The maps in the previous tutorial contained only pairs of basic types like int or std::string. In this section, we’ll see how to store arbitrary objects of user-defined classes in maps (and other STL containers).

Lifetime issues

Before we dive right in, we need to talk a little about lifetime issues of C++ objects. In most interpreted languages, you don’t have to care about lifetime of objects, because memory allocation and deallocation happen automagically. Let’s look at a typical example in Python:

#!/usr/bin/env python
# tut03_01.py -- objects in dictionaries

class Employee(object):
    "A typical employee."

    def __init__(self, name="N/A", salary=1000.0):
        self.name = name
        self.salary = salary

if __name__ == '__main__':
    e1 = Employee("e1", 2000.0)
    e2 = Employee("e2", 1800.0)
    print "e1:", e1
    print "e2:", e2

    aDict = {}
    aDict["e1"] = e1
    aDict["e2"] = e2
    print aDict

Running this program, we get:

% python tut03_01.py
e1: <__main__.Employee object at 0x800ec7750>
e2: <__main__.Employee object at 0x800ec79d0>
{'e1': <__main__.Employee object at 0x800ec7750>,
 'e2': <__main__.Employee object at 0x800ec79d0>}

If you pay close attention to the pointers to e1 and e2, you’ll notice that the values in the dictionary point to the very same objects (which is fine). This way, you can change e1 via the dictionary like this:

aDict["e1"].salary += 100

If we now print e1.salary, we get 2100.0: we’ve just modified e1.

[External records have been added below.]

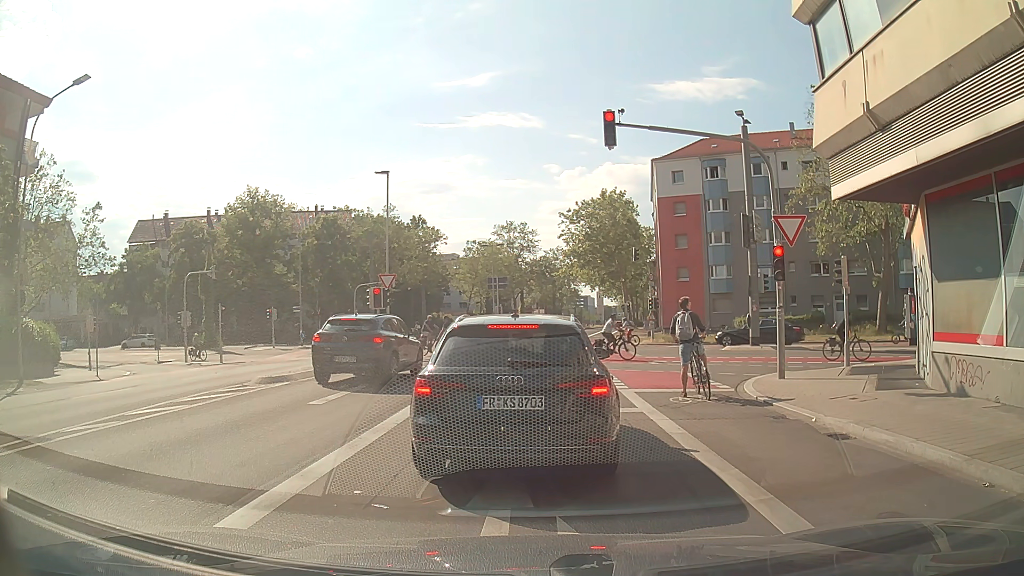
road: secondary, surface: asphalt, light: Day
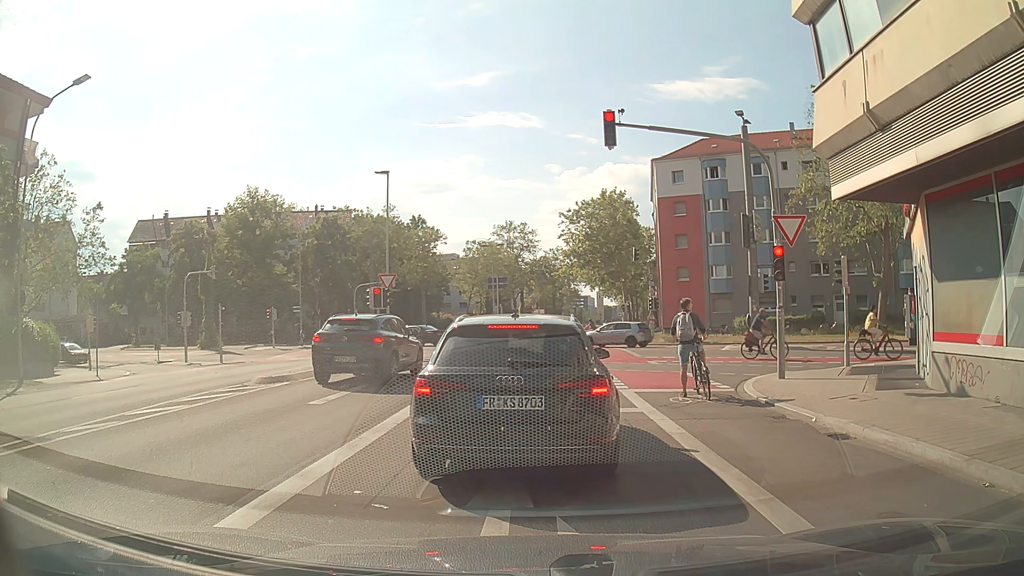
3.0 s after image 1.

What happens under the hood is that Python stores Employee objects in an internal data structure. Each time we assign such an object to a variable (like e1), a smart pointer to that internal data structure is stored into that variable. Ditto for dictionaries and other containers. The smart pointer maintains a reference count, so that the internal data structure will only be destroyed, when all pointers that point to it have been destroyed. In Python (and most other interpreted languages like Ruby, Perl, PHP, Java, …), variables never contain the objects themselves, but pointers to them!

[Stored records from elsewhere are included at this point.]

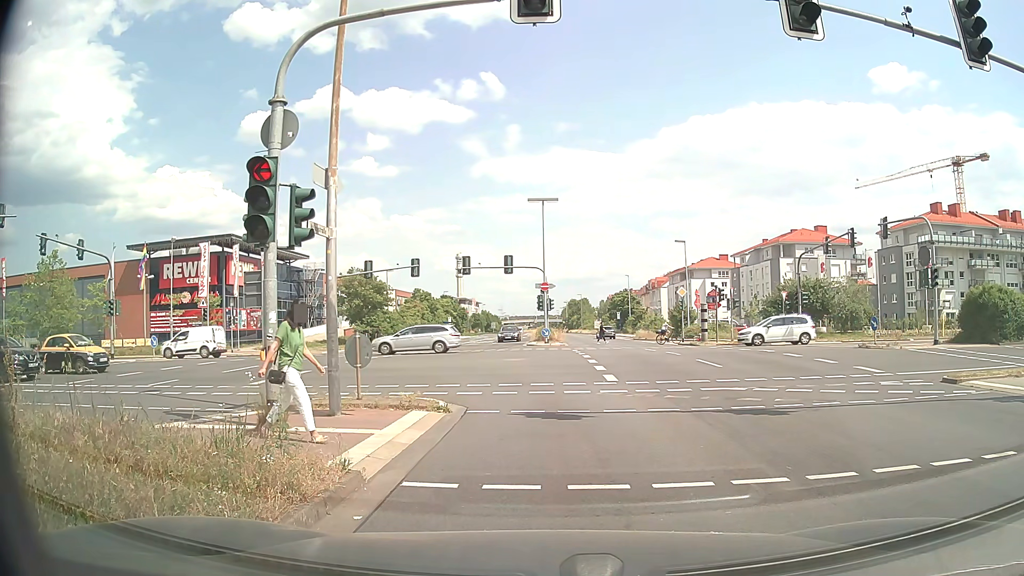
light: Day
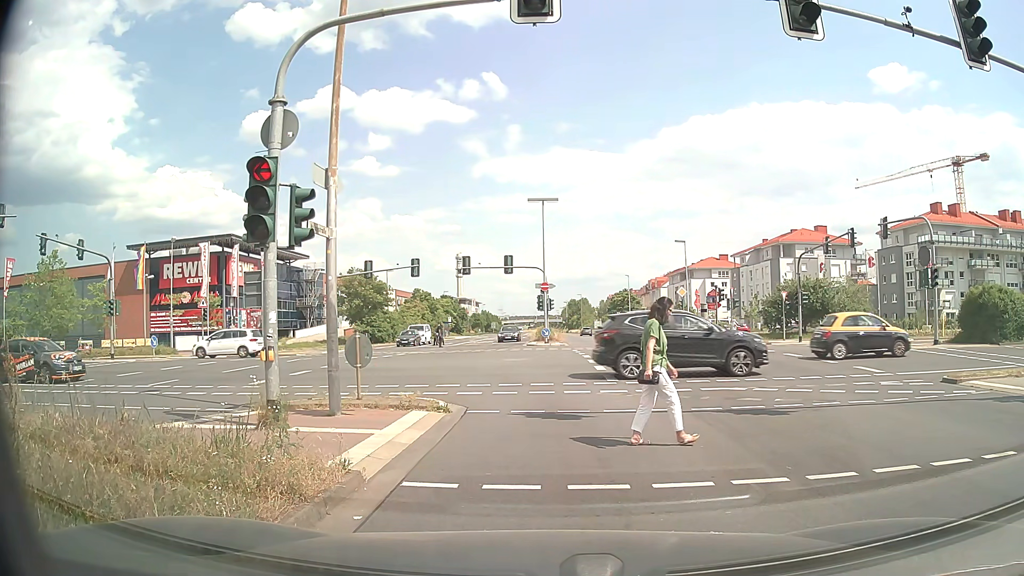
(0.0, 0.0) m; 0°
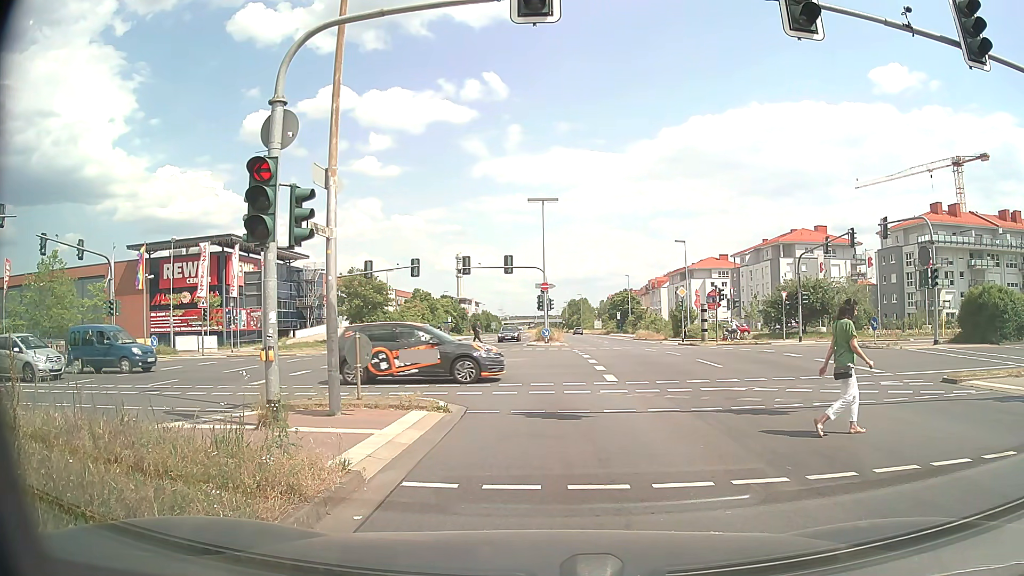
(0.0, 0.0) m; 0°
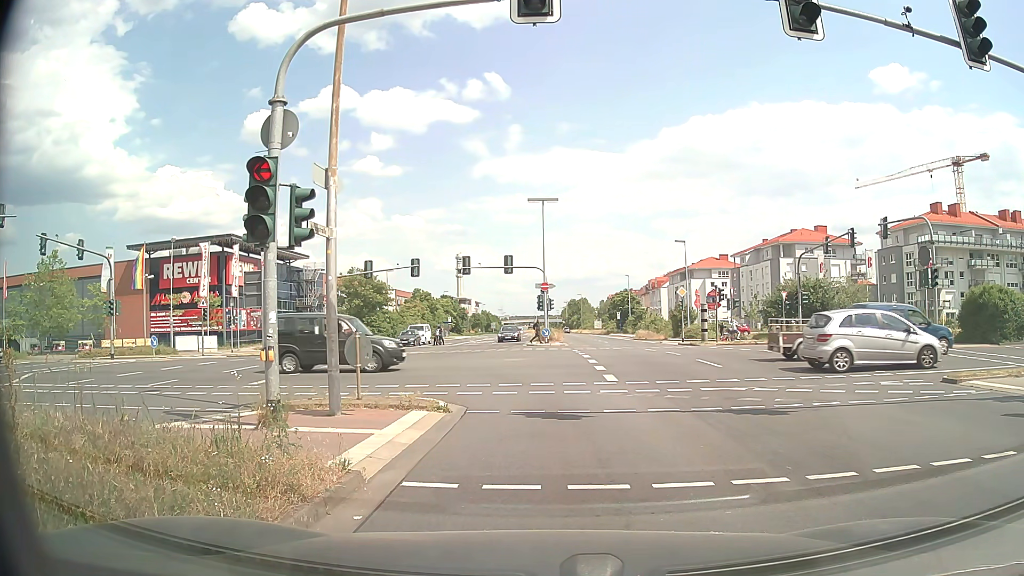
(0.0, 0.0) m; 0°
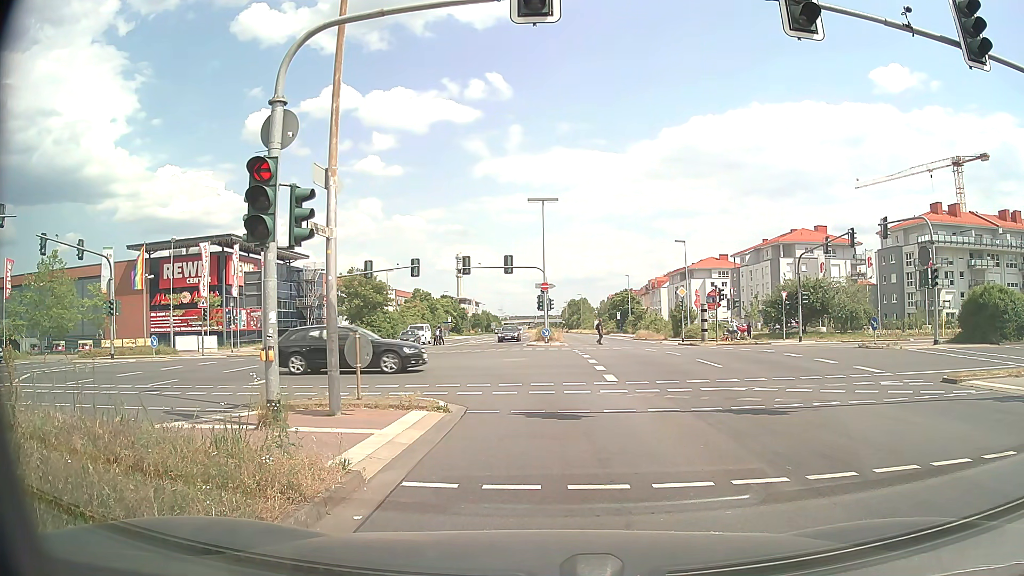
(0.0, 0.0) m; 0°
(0, +10) (-2, +20) (-8, +28) (-16, +33) (-26, +35) (-36, +35) (-46, +34) (-55, +33) (-65, +32) (-75, +31) m

Not so in C++! If we store an object in a variable, or in an STL container like std::map, std::vector, std::list etc., a copy of that object is made, and that copy will ultimately be stored.

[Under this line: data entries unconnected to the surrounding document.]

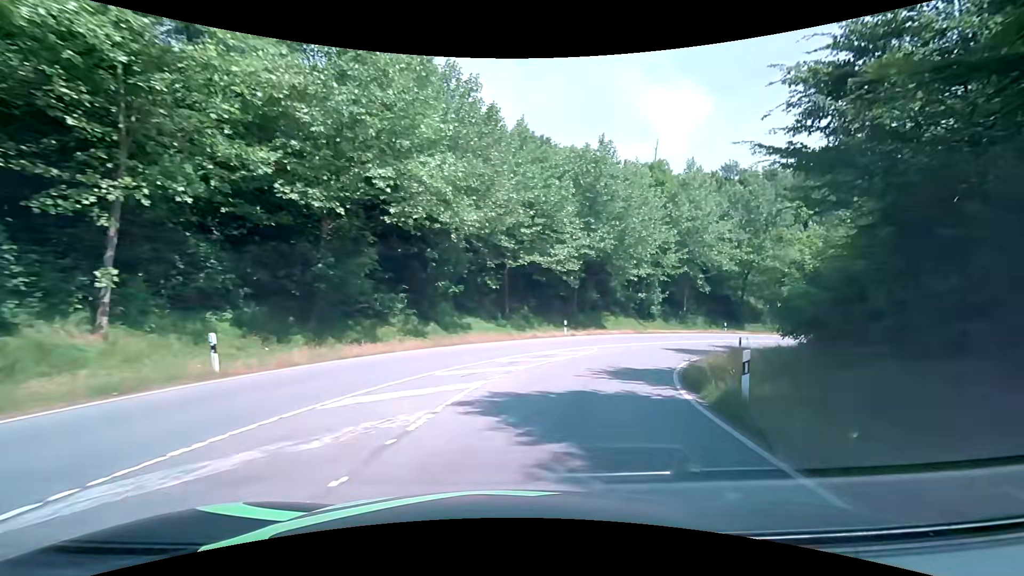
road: primary_link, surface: asphalt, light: Day
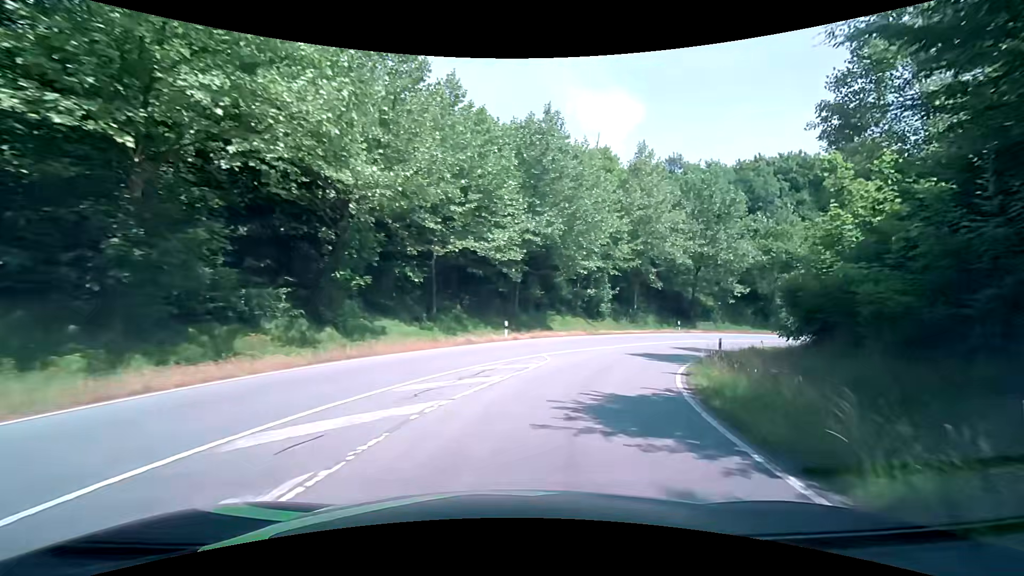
(+0.4, +6.5) m; +7°
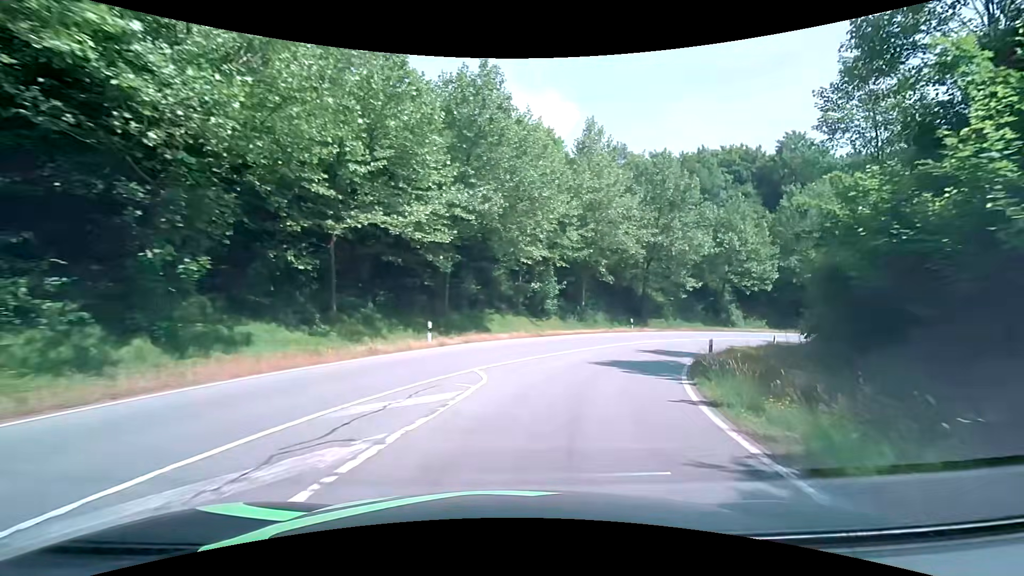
(+0.4, +6.5) m; +7°
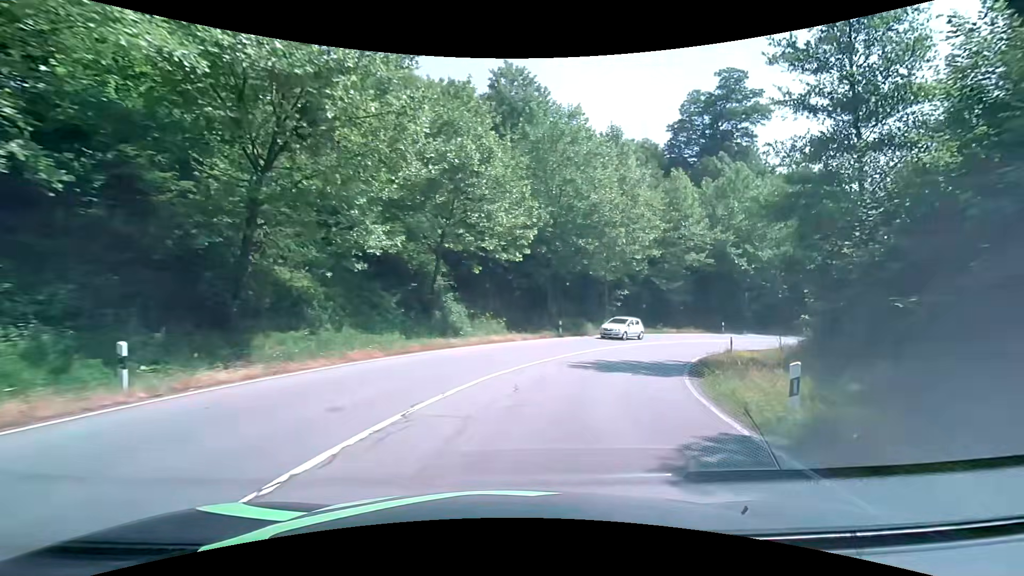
(+9.6, +30.5) m; +36°
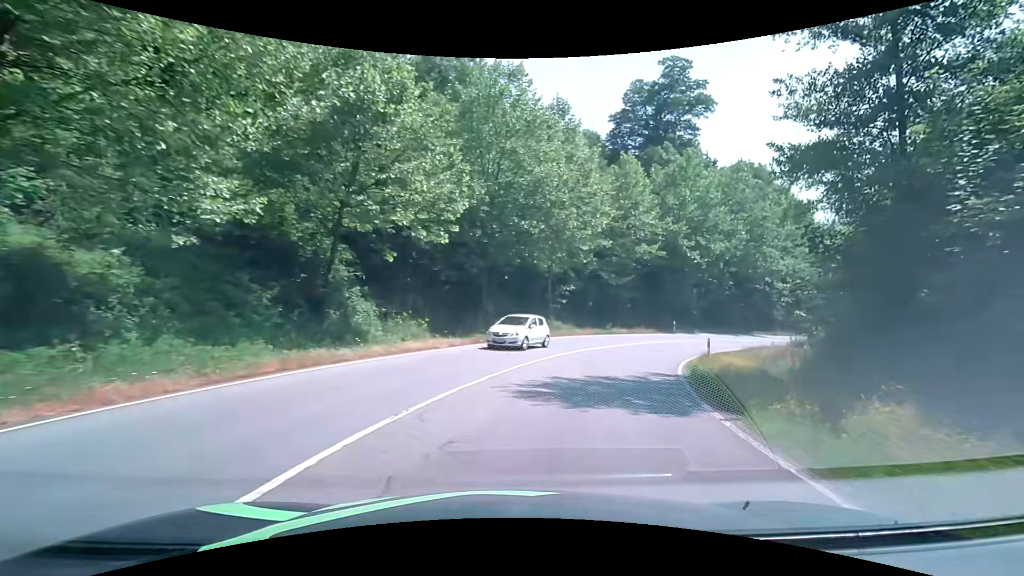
(+0.4, +6.5) m; +7°
(+1, +10) (+4, +19) (+9, +28) (+15, +36) (+22, +43) (+31, +48) (+40, +51) (+50, +51) (+57, +44) (+60, +35) m

To see this in action, let’s reimplement Employee in C++:

// tut03_01.h -- a sample Employee class

#ifndef TUT03_01_H
#define TUT03_01_H

#include <string>
#include <istream>
#include <ostream>
#include <iostream>

const float DEFAULT_SALARY = 1000.0;

class Employee
{
 public:

  Employee():
   name_("N/A"), salary_(DEFAULT_SALARY) {
     std::cerr << "Employee() called"
               << " -- this=" << this << ". [default ctor]" << std::endl;
  }

  Employee(const std::string name, const float salary) :
   name_(name), salary_(salary) {
     std::cerr << "Employee(" << name << "," << salary << ") called"
               << " -- this=" << this << ". [normal ctor]" << std::endl;
  }

  Employee(const Employee &copy) {
    name_ = copy.name_;
    salary_ = copy.salary_;
    std::cerr << "Employee(" << &copy << ") called"
              << " -- this=" << this << ". [copy ctor]" << std::endl;
  }

  ~Employee() {
    std::cerr << "~Employee([" << this << "]) called" << std::endl;
  }

  Employee& operator=(const Employee &rhs) {
    name_ = rhs.name_;
    salary_ = rhs.salary_;
    std::cerr << "operator=(" << &rhs << ") called"
              << " -- this=" << this << ". [assign operator]" << std::endl;
    return *this;
  }

  std::string getName() const { return name_; }
  float getSalary() const { return salary_; }
  void setName(const std::string newName) { name_ = newName; }
  void setSalary(const float newSalary) { salary_ = newSalary; }

  friend std::ostream& operator<<(std::ostream &ostr, const Employee &emp);
  friend std::istream& operator>>(std::istream &istr, Employee &emp);

 private:
  std::string name_;
  float salary_;
};

std::ostream &operator<<(std::ostream &ostr, const Employee &emp)
{
  return ostr << "Employee(" << emp.name_ << ","
              << emp.salary_ << "), this=" << &emp;
}

std::istream &operator>>(std::istream &istr, Employee &emp)
{
  // We first read the salary, then the name!
  istr >> emp.salary_;
  std::getline(istr, emp.name_);
  return istr;
}

#endif // TUT03_01_H

We’ll see shortly what all those constructors, operator= and member functions are for.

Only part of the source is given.